Docking using 310 Copilot
Docking using Copilot - DiffDock
- Go to PubChem and get the SMILES representation for PLP.
- Open 310 Copilot
- Input this text: Run a docking experiment with the protein PDB ID = 5JNR and the small molecule SMILES=CC1=NC=C(C(=C1O)C=O)COP(=O)(O)O
- When the docked structure is shown, select Download PDB
- Save as 310CoPilotDock5JNR_PLP.pdb
Now model the results in iCn3D as follows:
- Open iCn3D
- File, Open File, PDB appendable, and load 310CoPilotDock5JNR_PLP.pdb
- Color, Secondary, Sheets in Yellow. Note that the protein is predominantly alpha-helical with some beta-sheets. Here is a static view other viral protein.
- Answer
-
iCn3D results: Download this PNG file for upload into iCn3D to see a rendered image of the protein-binder complex. IMPORTANT: If the file opens as an image in a new browser window, right-click the image and save the file to download it!

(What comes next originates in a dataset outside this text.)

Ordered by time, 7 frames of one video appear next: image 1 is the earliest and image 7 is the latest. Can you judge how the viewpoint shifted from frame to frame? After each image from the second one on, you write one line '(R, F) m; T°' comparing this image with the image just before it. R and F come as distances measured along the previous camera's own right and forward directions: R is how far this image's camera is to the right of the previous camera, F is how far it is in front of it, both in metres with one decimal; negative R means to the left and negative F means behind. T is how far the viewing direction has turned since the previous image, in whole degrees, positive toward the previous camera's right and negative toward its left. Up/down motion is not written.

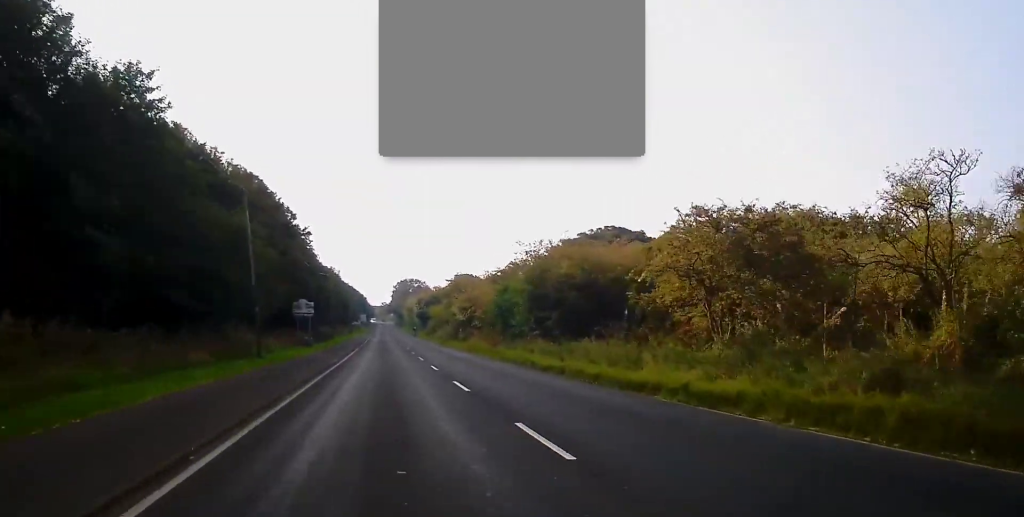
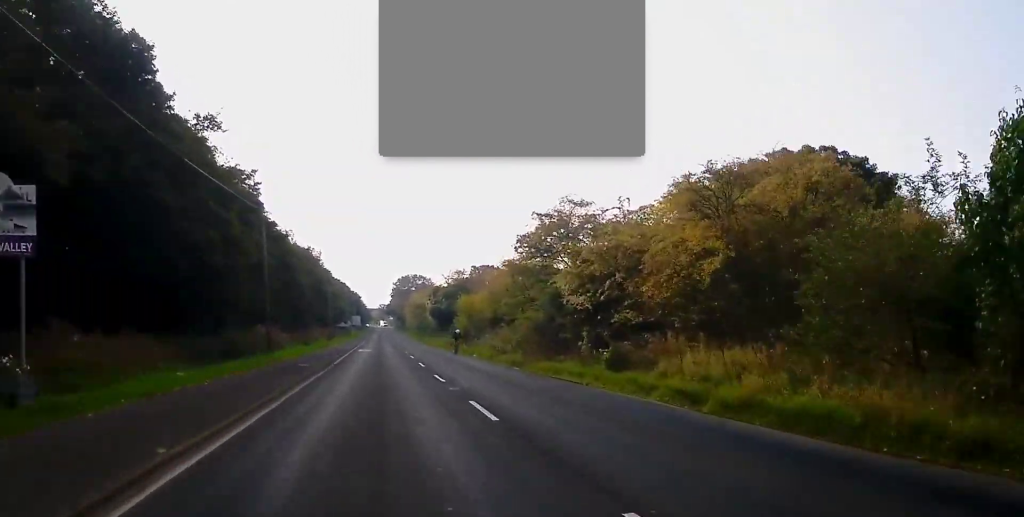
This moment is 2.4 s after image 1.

Open iCn3D File, Open, iCn3D PNG appendable, and browse for the file in your download folder.
Here is a static view.
Docking using DiffDock in Neurosnap
Now use DiffDock through Neurosnap to dock the ligand and protein.

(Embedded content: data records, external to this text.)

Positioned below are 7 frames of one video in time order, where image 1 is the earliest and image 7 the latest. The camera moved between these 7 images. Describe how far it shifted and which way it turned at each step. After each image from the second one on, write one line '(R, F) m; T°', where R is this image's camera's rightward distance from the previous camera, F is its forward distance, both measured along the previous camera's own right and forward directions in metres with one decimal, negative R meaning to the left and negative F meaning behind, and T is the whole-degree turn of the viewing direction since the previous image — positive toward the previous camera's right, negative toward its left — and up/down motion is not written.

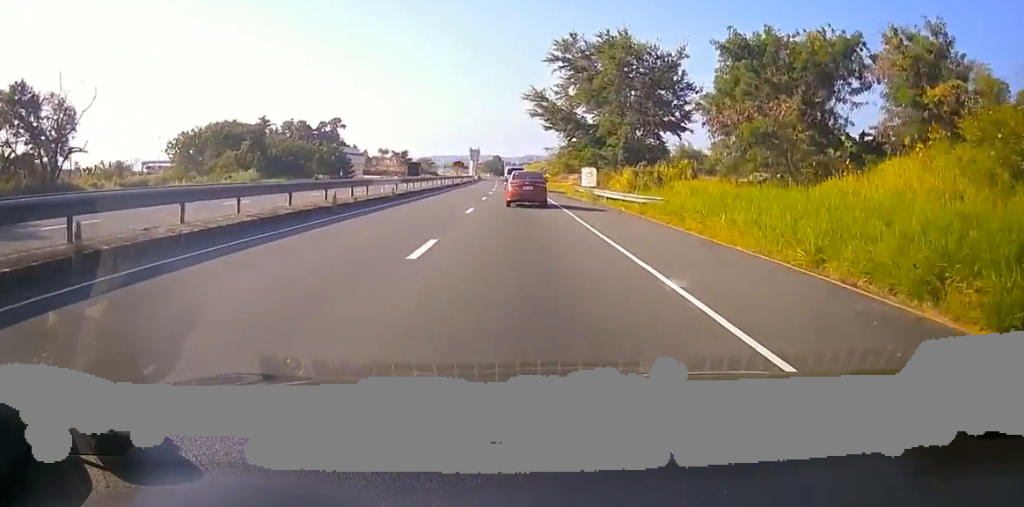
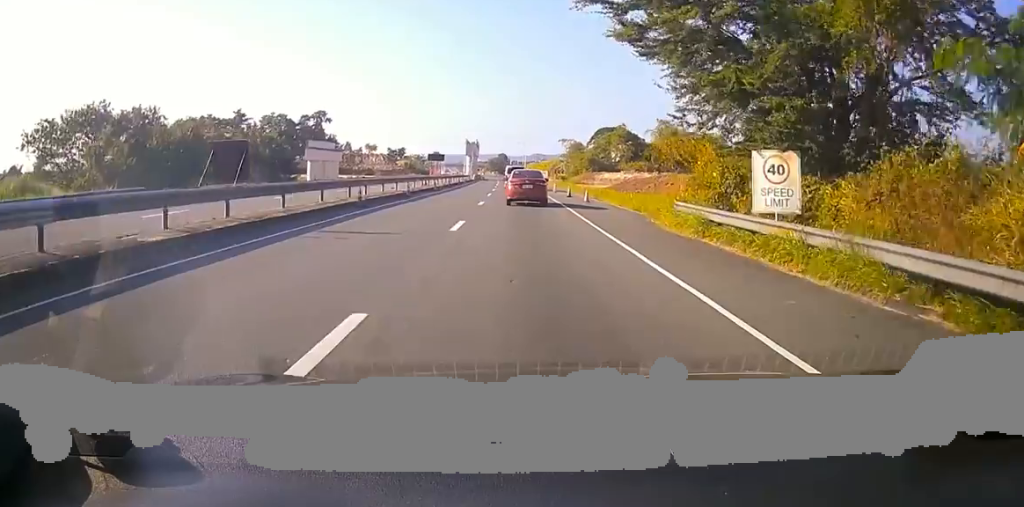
(+1.2, +31.2) m; 0°
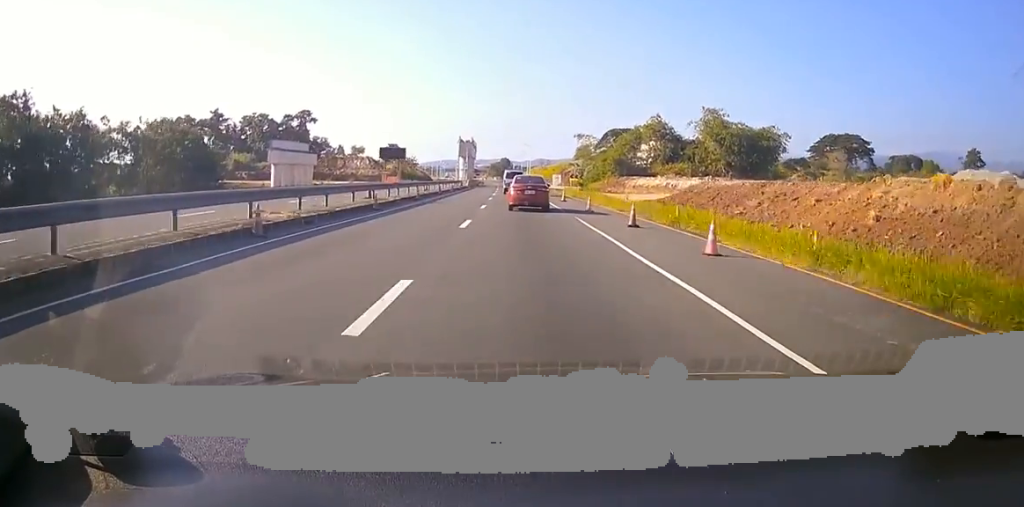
(-1.3, +21.4) m; -3°
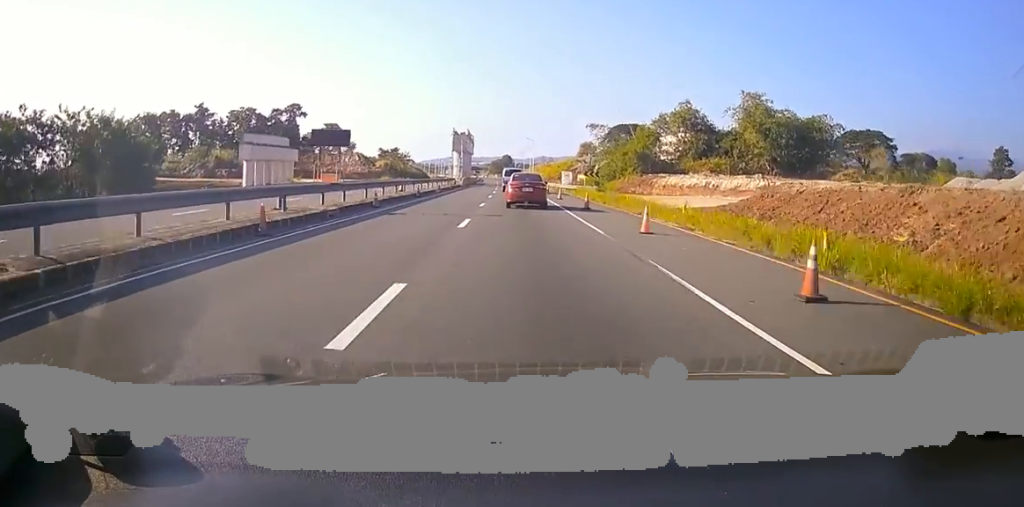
(+0.2, +12.3) m; 0°
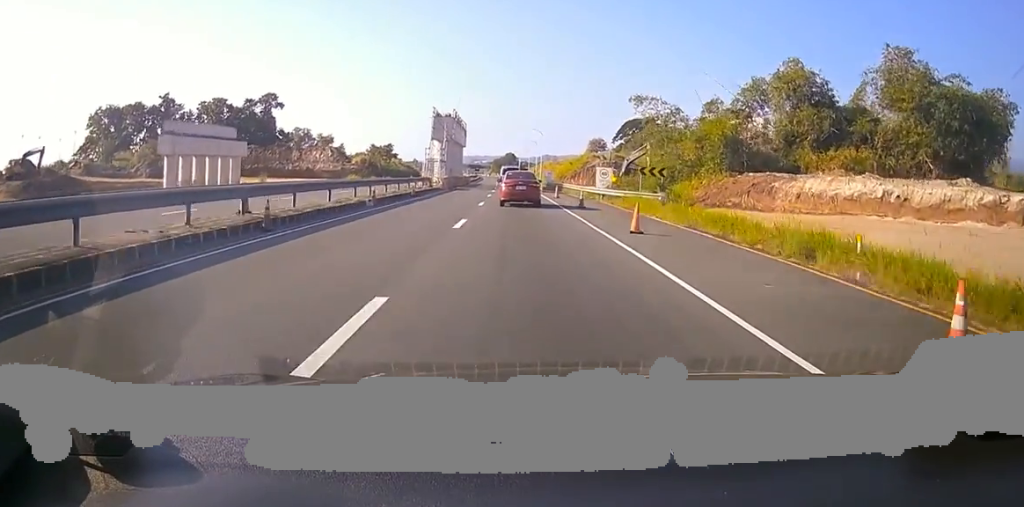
(-0.3, +24.8) m; +1°
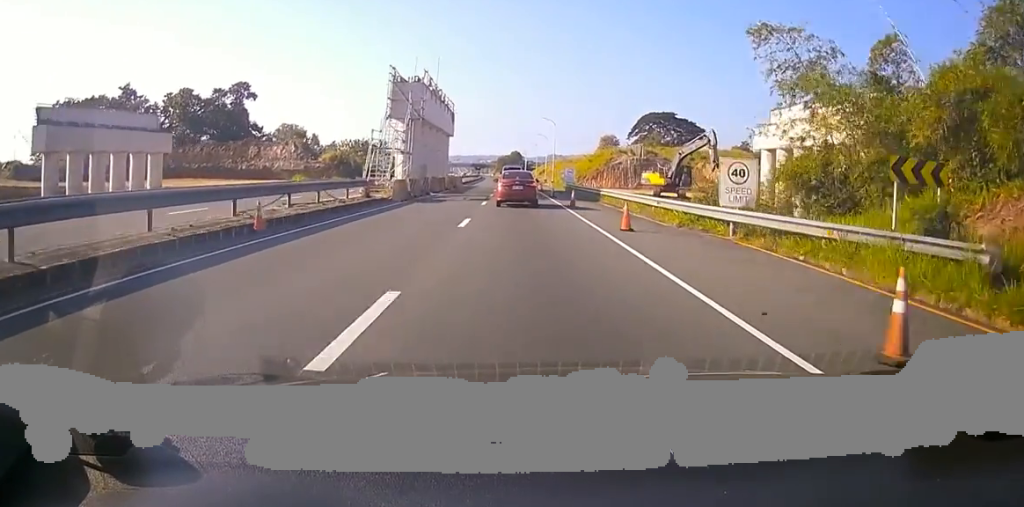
(+0.7, +23.9) m; 0°
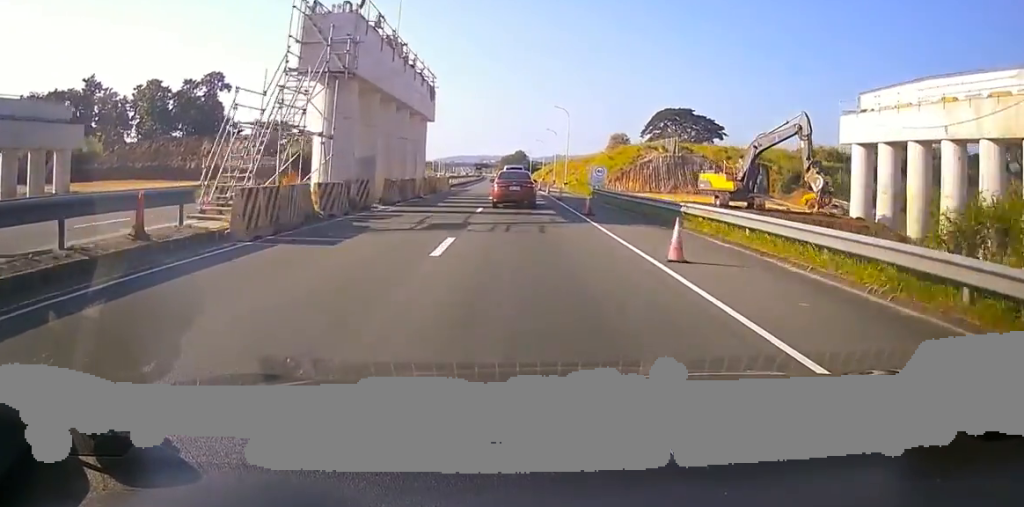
(-0.4, +17.9) m; -1°

- Complete the menu as shown below.
The output folder contains a separate PDB file and 100 SDF files for the various ligand "poses". Display them in iCn3D.
- Open iCn3D
- File, Open File, SDF, and choose the top-ranked SDF file (rank1_confidence-0.09.sdf)
- File, Open File, PDB Appendable, and choose the proteins_no_ligands pdb file.
- Render it as you see fit
- Answer
-
Here is a screen snap of the docked structure.
iCn3D results: Download this PNG file for upload into iCn3D to see a rendered image of the protein-binder complex. IMPORTANT: If the file opens as an image in a new browser window, right-click the image and save the file to download it!
Open iCn3D File, Open, iCn3D PNG appendable, and browse for the file in your download folder.
Docking using SwissDock
Now use SwissDock to dock PLP to a different low molecular weight protein tyrosine phosphate, PDB ID = 1xww. This has a SO42- in the active site which must be removed before the docking. The program uses two different methods, AutoDock Vina and Cavity Prioritization. Use the second one which seems to give better results for this protein.
- Input the values shown in the box below and run the docking experiment. When you input the target PDB file (1xww), choose the prompts shown below.
- Download the result as a zip file.
View and render the docked ligand in iCn3D. First, you must modify one of the files to view the docking results in iCn3D.
- Choose Export Results as Zip file
- Open Zip folder and extract all.
- Open the result.dock4 file in a simple text editor. Save just the first PLP coordinates by finding the 1st line with TER (terminate). Delete everything after that. Save the file as result0dock4.pdb file into the File subfolder you just extract
- Open iCn3D
- File, Open File, PDB appendable, and select the choose both the file you just made (results.dock4.pdb) and the receptor.pdb load it.
- Render the image as you wish.
- Answer
-
Here is the link to the actual SwissDock docking results page.
Here is a snip of the best docked structure.
Top Pose:
iCn3D results: Download this PNG file for upload into iCn3D to see a rendered image of the protein. IMPORTANT: If the file opens as an image in a new browser window, right-click the image and save the file to download it!
Open iCn3D File, Open, iCn3D PNG appendable and browse for the file in your download folder.